Reputation: 1869

smallest divisor of an integer without computing the square root explcitly

This code gives the smallest divisor of an integer. But the problem is I have to calculate the square root. Is there a way so that I don't have to calculate the square root explicitly?

int d,r,n;
scanf("%d",&n);
if(n%2==0)
{
    printf("2 is ans"); 
}
else
{
    r=sqrt(n);
    d=3;
    while((n%d!=0)&&d<r)
    {
        d=d+2; 
    }
    if(n%d==0)
        printf("ans is %d",d);
    else
        printf("ans is 1");
}

Upvotes: 3

Answers (4)

jxh

Reputation: 70472

Since code-efficiency was one of the tags, tweak the answers provided a bit:

while ((n%d) && (d<n/d)) d+=2;

The compiler is more likely to reuse the result of the division operator this way.
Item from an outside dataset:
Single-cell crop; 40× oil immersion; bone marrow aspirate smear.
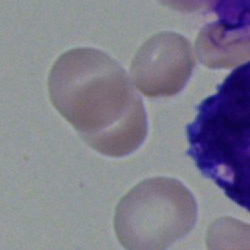

Cell of indeterminate lineage.

Looking at the compiler output for gcc -O3 on the version of the loop I propose, there is only one division operation per iteration, and the result is used for both comparisons:

L18:
        cmpl    %esi, %ecx
        jle     L13
        movl    %ebx, %eax
        addl    $2, %esi
        cltd
        idivl   %esi
        testl   %edx, %edx
        movl    %eax, %ecx
        jne     L18
        .p2align 4,,15
L13:

While, the while ((n%d) && d*d < n) d+=2; version gives:

L8:
        movl    %ecx, %eax
        imull   %ecx, %eax
        cmpl    %ebx, %eax
        jge     L3
        movl    %ebx, %eax
        addl    $2, %ecx
        cltd
        idivl   %ecx
        testl   %edx, %edx
        jne     L8
        .p2align 4,,15
L3:

And it is clear it is doing both the multiplication and the division each iteration.

Upvotes: 7

mishadoff

Reputation: 10789

This algorithm uses square root to reduce number of iteration in cycle. Greatly reduce. I don't know what problem you have with square root, but you can calculate square root approximately with these algorithms or just change d to d * d, r to n in this line while((n%d!=0)&&d<r) or just change r to n (but with losing performance)

Upvotes: 1